Latent-variable mean and variance
IRT model-based test of differential item functioning
Many researchers study cognitive abilities, personality traits, attitudes, quality of life, patient satisfaction, and other attributes that cannot be measured directly. To quantify these types of latent traits, researchers develop instruments–questionnaires or tests consisting of binary, ordinal, or categorical items–to determine individuals' levels of the trait.
Item response theory (IRT) models can be used to evaluate the relationships between a latent trait and items intended to measure the trait. With IRT models, we can determine which test items are more difficult and which ones are easier. We can determine which test items provide much information about the latent trait and which ones provide only a little.
Stata's IRT suite fits IRT models and can make comparisons across groups. This means we can evaluate whether an instrument measures a latent trait in the same way for different subpopulations.

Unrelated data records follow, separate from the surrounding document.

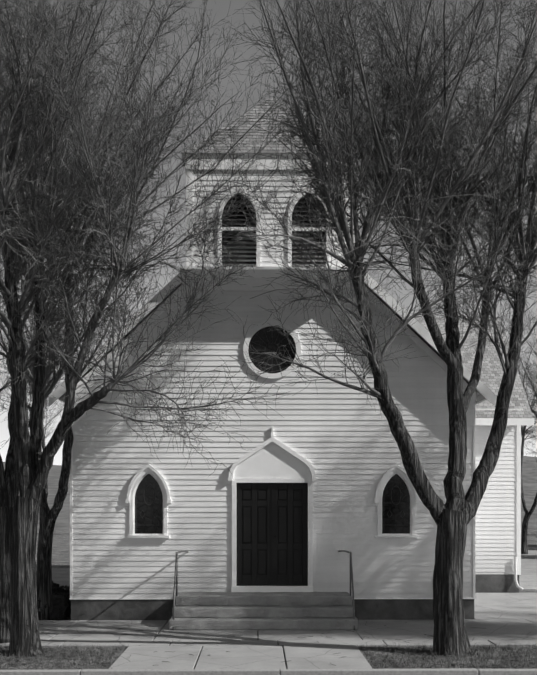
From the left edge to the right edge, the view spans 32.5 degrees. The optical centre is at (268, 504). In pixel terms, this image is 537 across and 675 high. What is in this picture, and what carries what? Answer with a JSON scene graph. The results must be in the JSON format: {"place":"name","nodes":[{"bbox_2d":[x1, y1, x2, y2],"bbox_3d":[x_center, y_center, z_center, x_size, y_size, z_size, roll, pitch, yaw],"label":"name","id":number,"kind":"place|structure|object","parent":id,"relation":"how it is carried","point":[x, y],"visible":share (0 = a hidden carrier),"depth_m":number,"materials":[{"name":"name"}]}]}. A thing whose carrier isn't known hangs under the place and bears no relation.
{"place":"outdoors","nodes":[
{"label":"outdoors","id":0,"kind":"place"},
{"bbox_2d":[0,530,536,670],"bbox_3d":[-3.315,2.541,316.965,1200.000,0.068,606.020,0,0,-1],"label":"earth ground","id":1,"kind":"structure","parent":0,"point":[61,549],"depth_m":15.46,"materials":[{"name":"soil"}]},
{"bbox_2d":[37,581,70,618],"bbox_3d":[-6.945,2.113,20.764,5.066,0.940,1.444,0,0,-1],"label":"hedge","id":2,"kind":"object","parent":1,"relation":"on","point":[61,603],"visible":0.23,"depth_m":20.29,"materials":[{"name":"black plant"}]},
{"bbox_2d":[0,259,131,527],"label":"tree","id":3,"kind":"object","parent":1,"relation":"on","point":[44,429],"visible":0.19,"depth_m":47.78,"materials":[{"name":"plant"}]},
{"bbox_2d":[0,0,166,642],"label":"tree","id":4,"kind":"object","parent":1,"relation":"on","point":[9,489],"visible":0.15,"depth_m":16.80,"materials":[{"name":"grey plant"}]},
{"bbox_2d":[0,0,316,657],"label":"street tree","id":5,"kind":"object","parent":1,"relation":"on","point":[34,463],"visible":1,"depth_m":15.10,"materials":[{"name":"grey plant"}]},
{"bbox_2d":[172,550,188,630],"bbox_3d":[-1.856,1.767,19.118,0.110,1.592,1.726,0,0,5],"label":"handrail","id":6,"kind":"object","parent":1,"relation":"on","point":[176,574],"visible":0.96,"depth_m":18.88,"materials":[{"name":"metal"}]},
{"bbox_2d":[0,0,369,619],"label":"tree","id":7,"kind":"object","parent":1,"relation":"on","point":[44,558],"visible":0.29,"depth_m":18.78,"materials":[{"name":"grey plant"}]},
{"bbox_2d":[0,619,536,673],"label":"sidewalk slabs","id":8,"kind":"structure","parent":1,"relation":"on","point":[247,650],"depth_m":16.83,"materials":[{"name":"concrete"}]},
{"bbox_2d":[169,591,357,629],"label":"stone steps","id":9,"kind":"structure","parent":8,"relation":"on","point":[315,610],"depth_m":18.67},
{"bbox_2d":[0,641,536,669],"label":"dry grass strip","id":10,"kind":"object","parent":1,"relation":"on","point":[425,649],"depth_m":15.11,"materials":[{"name":"grey plant"}]},
{"bbox_2d":[0,621,536,669],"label":"fallen leaves","id":11,"kind":"object","parent":1,"relation":"on","point":[380,667],"visible":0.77,"depth_m":15.07,"materials":[{"name":"grey plant"}]},
{"bbox_2d":[36,550,536,619],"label":"yard pads","id":12,"kind":"object","parent":1,"relation":"on","point":[505,605],"visible":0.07,"depth_m":24.46,"materials":[{"name":"concrete"}]},
{"bbox_2d":[338,550,354,629],"bbox_3d":[1.657,1.767,19.159,0.110,1.592,1.726,0,0,-6],"label":"handrail","id":13,"kind":"object","parent":1,"relation":"on","point":[351,572],"visible":0.94,"depth_m":18.84,"materials":[{"name":"metal"}]},
{"bbox_2d":[203,0,536,656],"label":"street tree","id":14,"kind":"object","parent":1,"relation":"on","point":[415,126],"visible":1,"depth_m":15.28,"materials":[{"name":"grey plant"}]},
{"bbox_2d":[498,303,536,553],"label":"tree","id":15,"kind":"object","parent":1,"relation":"on","point":[524,543],"visible":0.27,"depth_m":45.68,"materials":[{"name":"grey plant"}]},
{"bbox_2d":[521,343,536,469],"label":"tree","id":16,"kind":"object","parent":1,"relation":"on","point":[525,362],"visible":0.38,"depth_m":61.80,"materials":[{"name":"plant"}]},
{"bbox_2d":[0,0,536,674],"label":"sky","id":17,"kind":"structure","parent":0,"point":[222,8],"materials":[{"name":"grey"}]},
{"bbox_2d":[3,456,536,529],"bbox_3d":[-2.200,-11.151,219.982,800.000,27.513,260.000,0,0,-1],"label":"ridge ground","id":18,"kind":"structure","parent":0,"point":[529,479],"depth_m":122.09,"materials":[{"name":"grey"}]},
{"bbox_2d":[72,170,516,597],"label":"siding wall","id":19,"kind":"structure","parent":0,"point":[340,438],"depth_m":19.99,"materials":[{"name":"white wood"}]},
{"bbox_2d":[136,327,404,533],"bbox_3d":[0.090,-1.612,20.033,5.990,4.505,0.014,0,0,-1],"label":"window glass","id":20,"kind":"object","parent":19,"relation":"in","point":[263,370],"depth_m":20.03,"materials":[{"name":"grey glass"}]},
{"bbox_2d":[237,483,307,585],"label":"church doors","id":21,"kind":"structure","parent":19,"relation":"in","point":[254,531],"depth_m":20.02,"materials":[{"name":"black wood"}]},
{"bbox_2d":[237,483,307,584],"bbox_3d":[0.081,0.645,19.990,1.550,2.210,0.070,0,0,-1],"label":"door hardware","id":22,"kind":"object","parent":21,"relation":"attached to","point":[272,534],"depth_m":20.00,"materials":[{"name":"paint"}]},
{"bbox_2d":[514,557,522,589],"bbox_3d":[7.063,1.964,26.000,0.084,0.917,0.311,0,0,-28],"label":"wing downspout","id":23,"kind":"object","parent":19,"relation":"attached to","point":[515,573],"visible":0.98,"depth_m":26.07,"materials":[{"name":"white metal"}]},
{"bbox_2d":[71,575,518,620],"bbox_3d":[1.374,2.355,27.505,11.480,0.700,15.010,0,0,-1],"label":"foundation","id":24,"kind":"object","parent":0,"point":[365,609],"visible":0.07,"depth_m":20.01,"materials":[{"name":"grey concrete"}]},
{"bbox_2d":[135,217,513,574],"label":"window","id":25,"kind":"structure","parent":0,"point":[150,523],"depth_m":20.04,"materials":[{"name":"black glass"}]},
{"bbox_2d":[182,153,359,159],"bbox_3d":[0.079,-7.585,21.875,3.940,0.016,3.940,0,0,-1],"label":"gutter","id":26,"kind":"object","parent":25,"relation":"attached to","point":[255,153],"depth_m":19.91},
{"bbox_2d":[181,98,361,170],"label":"tower roof","id":27,"kind":"structure","parent":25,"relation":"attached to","point":[248,136],"depth_m":20.47,"materials":[{"name":"grey"}]},
{"bbox_2d":[222,193,325,266],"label":"louvers","id":28,"kind":"object","parent":25,"relation":"attached to","point":[249,245],"visible":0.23,"depth_m":20.04,"materials":[{"name":"grey wood"}]},
{"bbox_2d":[222,194,325,243],"bbox_3d":[0.117,-5.940,20.342,2.310,1.710,0.506,0,0,-1],"label":"dark church interior","id":29,"kind":"object","parent":25,"relation":"attached to","point":[255,216],"visible":0.04,"depth_m":20.08,"materials":[{"name":"black"}]},
{"bbox_2d":[49,154,533,599],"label":"trim","id":30,"kind":"structure","parent":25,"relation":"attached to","point":[272,459],"depth_m":19.94,"materials":[{"name":"white wood"}]},
{"bbox_2d":[58,284,532,417],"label":"roof","id":31,"kind":"structure","parent":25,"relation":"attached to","point":[492,372],"depth_m":27.22,"materials":[{"name":"grey"}]},
{"label":"road asphalt","id":32,"kind":"structure","parent":0,"visible":0},
{"bbox_2d":[0,668,536,674],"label":"kerb","id":33,"kind":"structure","parent":32,"relation":"on","point":[455,671],"depth_m":13.85,"materials":[{"name":"concrete"}]}
]}

For instance, we might ask the following questions:
Do students from urban and rural schools perform differently on a test intended to measure mathematical ability?
Does an instrument measuring depression perform the same today as it did five years ago?

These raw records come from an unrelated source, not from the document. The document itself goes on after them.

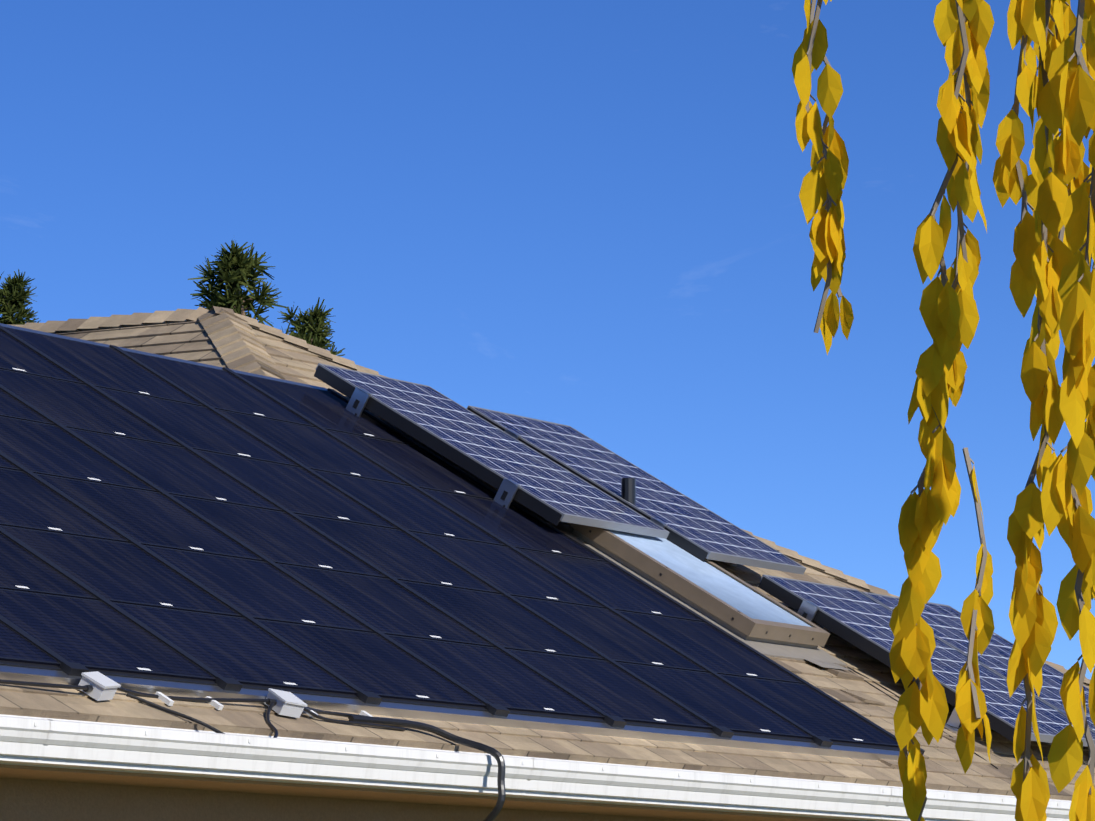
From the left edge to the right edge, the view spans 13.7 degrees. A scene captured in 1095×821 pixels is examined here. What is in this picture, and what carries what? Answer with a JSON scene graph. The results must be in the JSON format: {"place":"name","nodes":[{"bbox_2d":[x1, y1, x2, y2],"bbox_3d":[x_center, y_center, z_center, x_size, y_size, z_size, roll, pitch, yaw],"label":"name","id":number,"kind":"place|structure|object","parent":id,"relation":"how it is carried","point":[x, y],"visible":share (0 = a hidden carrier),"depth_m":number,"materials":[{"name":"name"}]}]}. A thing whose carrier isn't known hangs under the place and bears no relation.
{"place":"outdoors","nodes":[
{"label":"outdoors","id":0,"kind":"place"},
{"bbox_2d":[0,0,1094,679],"label":"sky","id":1,"kind":"structure","parent":0,"point":[587,216],"materials":[{"name":"blue"}]},
{"label":"ground","id":2,"kind":"structure","parent":0,"visible":0},
{"bbox_2d":[0,269,40,324],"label":"pine tree","id":3,"kind":"object","parent":2,"relation":"on","point":[14,295],"visible":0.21,"depth_m":74.75,"materials":[{"name":"green plant"}]},
{"bbox_2d":[188,240,302,338],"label":"pine tree","id":4,"kind":"object","parent":2,"relation":"on","point":[235,269],"visible":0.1,"depth_m":51.59,"materials":[{"name":"green plant"}]},
{"bbox_2d":[277,297,344,355],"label":"pine tree","id":5,"kind":"object","parent":2,"relation":"on","point":[313,325],"visible":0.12,"depth_m":59.84,"materials":[{"name":"green plant"}]},
{"bbox_2d":[0,714,1070,820],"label":"rain gutter","id":6,"kind":"object","parent":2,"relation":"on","point":[51,769],"visible":0.98,"depth_m":16.84,"materials":[{"name":"white metal"}]},
{"bbox_2d":[0,306,1094,800],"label":"house roof","id":7,"kind":"structure","parent":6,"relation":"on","point":[224,338],"depth_m":21.28,"materials":[{"name":"beige tile"}]},
{"bbox_2d":[0,323,924,760],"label":"solar panel array","id":8,"kind":"object","parent":7,"relation":"on","point":[174,527],"visible":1,"depth_m":19.26,"materials":[{"name":"blue glass"}]},
{"bbox_2d":[314,363,669,538],"bbox_3d":[-0.301,0.209,22.742,1.460,0.890,1.160,-4,-8,31],"label":"solar panel","id":9,"kind":"object","parent":7,"relation":"on","point":[510,468],"visible":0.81,"depth_m":22.62,"materials":[{"name":"blue glass"}]},
{"bbox_2d":[0,666,997,820],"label":"array wiring and junction boxes","id":10,"kind":"object","parent":7,"relation":"on","point":[97,686],"visible":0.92,"depth_m":16.43,"materials":[{"name":"black plastic"}]},
{"bbox_2d":[621,478,635,504],"bbox_3d":[0.423,0.536,23.103,0.261,0.385,0.280,-4,-8,31],"label":"plumbing vent pipe","id":11,"kind":"object","parent":7,"relation":"on","point":[628,489],"visible":0.21,"depth_m":23.10,"materials":[{"name":"black plastic"}]},
{"bbox_2d":[467,405,805,574],"bbox_3d":[0.434,0.420,23.611,1.460,0.890,1.160,-4,-8,31],"label":"solar panel","id":12,"kind":"object","parent":7,"relation":"on","point":[697,530],"visible":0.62,"depth_m":23.57,"materials":[{"name":"blue glass"}]},
{"bbox_2d":[548,521,849,669],"bbox_3d":[0.784,0.900,22.422,1.319,0.779,0.880,-4,-8,31],"label":"skylight","id":13,"kind":"object","parent":7,"relation":"on","point":[739,608],"visible":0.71,"depth_m":22.24,"materials":[{"name":"beige glass"}]},
{"bbox_2d":[758,574,1094,746],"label":"solar panel","id":14,"kind":"object","parent":7,"relation":"on","point":[858,619],"visible":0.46,"depth_m":22.80,"materials":[{"name":"blue glass"}]},
{"bbox_2d":[862,592,1094,744],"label":"solar panel","id":15,"kind":"object","parent":7,"relation":"on","point":[943,622],"visible":0.27,"depth_m":23.85,"materials":[{"name":"blue glass"}]},
{"bbox_2d":[792,0,1094,820],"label":"leafy branches","id":16,"kind":"object","parent":2,"relation":"on","point":[1054,245],"visible":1,"depth_m":2.27,"materials":[{"name":"yellow plant"}]}
]}

Does one of the questions on a survey about patient satisfaction measure the trait differently for younger and older patients?
In other words, multiple-group IRT models allow us to evaluate differential item functioning (DIF).
To fit multiple-group IRT models in Stata, we simply add the group() option to the irt command.
We previously fit a two-parameter logistic (2PL) model for item1 through item10 by typing
. irt 2pl item1-item10
We now type
. irt 2pl item1-item10, group(urban)
to fit a multiple-group version of this model allowing differences for students in urban and rural schools.
We can add the group() option to any of the following irt commands and fit multiple-group models for binary, ordinal, and categorical responses.
|One-parameter logistic model
|Two-parameter logistic model
|Three-parameter logistic model
|Graded response model
|Nominal response model
|Partial credit model
|Rating scale model
|Hybrid IRT model
We can also impose constraints on these models to analyze differential item functioning (DIF).
After fitting a multiple-group model, we can easily graph the item characteristic curves, item information functions, and more.